— Exercise objective —
If a line in the data below contains the word "frac", copy it out.
Start of Block
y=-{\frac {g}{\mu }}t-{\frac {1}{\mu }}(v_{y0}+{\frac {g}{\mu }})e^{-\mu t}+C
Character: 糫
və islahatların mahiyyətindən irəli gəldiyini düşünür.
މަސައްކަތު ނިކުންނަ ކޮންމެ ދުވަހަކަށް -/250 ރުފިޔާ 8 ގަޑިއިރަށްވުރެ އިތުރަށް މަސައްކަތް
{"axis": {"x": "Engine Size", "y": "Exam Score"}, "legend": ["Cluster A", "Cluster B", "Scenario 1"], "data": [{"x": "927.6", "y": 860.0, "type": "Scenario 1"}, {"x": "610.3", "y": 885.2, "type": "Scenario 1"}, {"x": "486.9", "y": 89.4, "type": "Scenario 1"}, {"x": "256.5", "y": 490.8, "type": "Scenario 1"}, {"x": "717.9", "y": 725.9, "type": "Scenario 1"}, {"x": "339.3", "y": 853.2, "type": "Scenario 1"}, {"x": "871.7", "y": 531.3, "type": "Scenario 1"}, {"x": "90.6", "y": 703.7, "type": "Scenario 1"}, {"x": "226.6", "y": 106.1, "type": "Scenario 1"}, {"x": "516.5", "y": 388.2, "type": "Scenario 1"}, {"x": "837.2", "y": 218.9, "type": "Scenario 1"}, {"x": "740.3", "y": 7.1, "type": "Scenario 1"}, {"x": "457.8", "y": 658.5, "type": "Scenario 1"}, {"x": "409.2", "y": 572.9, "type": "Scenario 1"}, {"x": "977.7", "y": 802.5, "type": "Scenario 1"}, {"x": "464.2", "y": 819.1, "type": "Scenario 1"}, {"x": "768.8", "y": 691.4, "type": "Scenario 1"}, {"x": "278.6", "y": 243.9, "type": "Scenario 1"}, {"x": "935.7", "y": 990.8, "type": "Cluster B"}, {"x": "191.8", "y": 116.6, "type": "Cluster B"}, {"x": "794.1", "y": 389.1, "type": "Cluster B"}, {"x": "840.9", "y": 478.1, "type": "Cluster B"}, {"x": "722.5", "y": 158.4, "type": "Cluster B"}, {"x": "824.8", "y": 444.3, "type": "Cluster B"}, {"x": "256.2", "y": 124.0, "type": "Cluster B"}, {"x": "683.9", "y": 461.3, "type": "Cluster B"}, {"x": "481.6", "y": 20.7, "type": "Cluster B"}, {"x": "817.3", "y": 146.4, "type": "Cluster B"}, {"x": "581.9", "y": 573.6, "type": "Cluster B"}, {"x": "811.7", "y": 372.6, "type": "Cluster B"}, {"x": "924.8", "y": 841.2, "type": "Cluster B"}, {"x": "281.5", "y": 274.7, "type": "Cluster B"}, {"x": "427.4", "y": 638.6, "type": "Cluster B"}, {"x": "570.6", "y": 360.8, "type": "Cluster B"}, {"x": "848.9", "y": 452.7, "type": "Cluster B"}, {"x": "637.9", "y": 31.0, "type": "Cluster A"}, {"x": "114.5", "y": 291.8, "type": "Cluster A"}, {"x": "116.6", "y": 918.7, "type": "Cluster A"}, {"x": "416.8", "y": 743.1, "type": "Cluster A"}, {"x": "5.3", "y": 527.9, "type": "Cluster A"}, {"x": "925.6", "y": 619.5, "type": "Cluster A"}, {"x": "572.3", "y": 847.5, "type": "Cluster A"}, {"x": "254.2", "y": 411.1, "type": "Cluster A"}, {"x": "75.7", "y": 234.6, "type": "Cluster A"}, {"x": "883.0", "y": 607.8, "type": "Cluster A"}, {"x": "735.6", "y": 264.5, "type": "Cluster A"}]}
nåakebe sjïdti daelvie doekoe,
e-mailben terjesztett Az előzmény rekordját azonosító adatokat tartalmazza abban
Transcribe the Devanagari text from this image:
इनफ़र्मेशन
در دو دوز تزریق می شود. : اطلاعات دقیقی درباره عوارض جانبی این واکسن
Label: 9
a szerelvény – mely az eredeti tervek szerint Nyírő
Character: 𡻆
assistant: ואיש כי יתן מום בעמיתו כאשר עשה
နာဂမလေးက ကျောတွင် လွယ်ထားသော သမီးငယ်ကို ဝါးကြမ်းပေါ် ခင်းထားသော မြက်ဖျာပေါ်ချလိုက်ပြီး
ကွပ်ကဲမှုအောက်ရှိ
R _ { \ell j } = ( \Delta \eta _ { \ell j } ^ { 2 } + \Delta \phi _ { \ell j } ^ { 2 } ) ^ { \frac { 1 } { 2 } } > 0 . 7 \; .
End of Block
— Problem solution —
y=-{\frac {g}{\mu }}t-{\frac {1}{\mu }}(v_{y0}+{\frac {g}{\mu }})e^{-\mu t}+C
R _ { \ell j } = ( \Delta \eta _ { \ell j } ^ { 2 } + \Delta \phi _ { \ell j } ^ { 2 } ) ^ { \frac { 1 } { 2 } } > 0 . 7 \; .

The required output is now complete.